** SOURCE RECORDS **
++++++++++
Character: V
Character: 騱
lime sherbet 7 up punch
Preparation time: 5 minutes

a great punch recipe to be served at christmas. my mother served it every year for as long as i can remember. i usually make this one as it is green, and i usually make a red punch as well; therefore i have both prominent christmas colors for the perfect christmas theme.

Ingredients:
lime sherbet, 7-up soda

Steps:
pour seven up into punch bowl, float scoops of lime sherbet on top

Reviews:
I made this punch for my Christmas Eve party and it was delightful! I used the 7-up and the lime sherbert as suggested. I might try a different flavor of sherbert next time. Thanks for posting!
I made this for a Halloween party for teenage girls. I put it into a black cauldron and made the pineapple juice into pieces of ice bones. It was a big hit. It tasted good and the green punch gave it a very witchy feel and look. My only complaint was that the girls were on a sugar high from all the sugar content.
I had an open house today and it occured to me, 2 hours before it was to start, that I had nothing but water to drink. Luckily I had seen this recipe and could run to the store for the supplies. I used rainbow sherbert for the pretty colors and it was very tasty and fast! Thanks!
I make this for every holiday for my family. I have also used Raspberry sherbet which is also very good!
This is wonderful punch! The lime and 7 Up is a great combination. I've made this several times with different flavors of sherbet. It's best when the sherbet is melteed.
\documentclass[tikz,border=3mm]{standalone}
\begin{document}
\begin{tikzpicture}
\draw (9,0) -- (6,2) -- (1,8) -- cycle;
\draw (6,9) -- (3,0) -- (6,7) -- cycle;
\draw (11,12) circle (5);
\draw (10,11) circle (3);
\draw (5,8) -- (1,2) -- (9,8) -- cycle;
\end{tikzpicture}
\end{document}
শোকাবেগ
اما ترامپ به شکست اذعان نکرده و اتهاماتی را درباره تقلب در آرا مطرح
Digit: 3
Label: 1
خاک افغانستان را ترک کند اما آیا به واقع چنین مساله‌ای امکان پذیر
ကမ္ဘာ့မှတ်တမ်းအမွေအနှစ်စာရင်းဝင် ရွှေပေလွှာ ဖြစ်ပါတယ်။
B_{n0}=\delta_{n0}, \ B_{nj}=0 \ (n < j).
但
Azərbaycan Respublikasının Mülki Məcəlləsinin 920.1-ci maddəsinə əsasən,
++++++++++
** INSTRUCTIONS TO FOLLOW **
Print every entry exactly.

** EXERCISE RESPONSE **
Character: V
Character: 騱
lime sherbet 7 up punch
Preparation time: 5 minutes

a great punch recipe to be served at christmas. my mother served it every year for as long as i can remember. i usually make this one as it is green, and i usually make a red punch as well; therefore i have both prominent christmas colors for the perfect christmas theme.

Ingredients:
lime sherbet, 7-up soda

Steps:
pour seven up into punch bowl, float scoops of lime sherbet on top

Reviews:
I made this punch for my Christmas Eve party and it was delightful! I used the 7-up and the lime sherbert as suggested. I might try a different flavor of sherbert next time. Thanks for posting!
I made this for a Halloween party for teenage girls. I put it into a black cauldron and made the pineapple juice into pieces of ice bones. It was a big hit. It tasted good and the green punch gave it a very witchy feel and look. My only complaint was that the girls were on a sugar high from all the sugar content.
I had an open house today and it occured to me, 2 hours before it was to start, that I had nothing but water to drink. Luckily I had seen this recipe and could run to the store for the supplies. I used rainbow sherbert for the pretty colors and it was very tasty and fast! Thanks!
I make this for every holiday for my family. I have also used Raspberry sherbet which is also very good!
This is wonderful punch! The lime and 7 Up is a great combination. I've made this several times with different flavors of sherbet. It's best when the sherbet is melteed.
\documentclass[tikz,border=3mm]{standalone}
\begin{document}
\begin{tikzpicture}
\draw (9,0) -- (6,2) -- (1,8) -- cycle;
\draw (6,9) -- (3,0) -- (6,7) -- cycle;
\draw (11,12) circle (5);
\draw (10,11) circle (3);
\draw (5,8) -- (1,2) -- (9,8) -- cycle;
\end{tikzpicture}
\end{document}
শোকাবেগ
اما ترامپ به شکست اذعان نکرده و اتهاماتی را درباره تقلب در آرا مطرح
Digit: 3
Label: 1
خاک افغانستان را ترک کند اما آیا به واقع چنین مساله‌ای امکان پذیر
ကမ္ဘာ့မှတ်တမ်းအမွေအနှစ်စာရင်းဝင် ရွှေပေလွှာ ဖြစ်ပါတယ်။
B_{n0}=\delta_{n0}, \ B_{nj}=0 \ (n < j).
但
Azərbaycan Respublikasının Mülki Məcəlləsinin 920.1-ci maddəsinə əsasən,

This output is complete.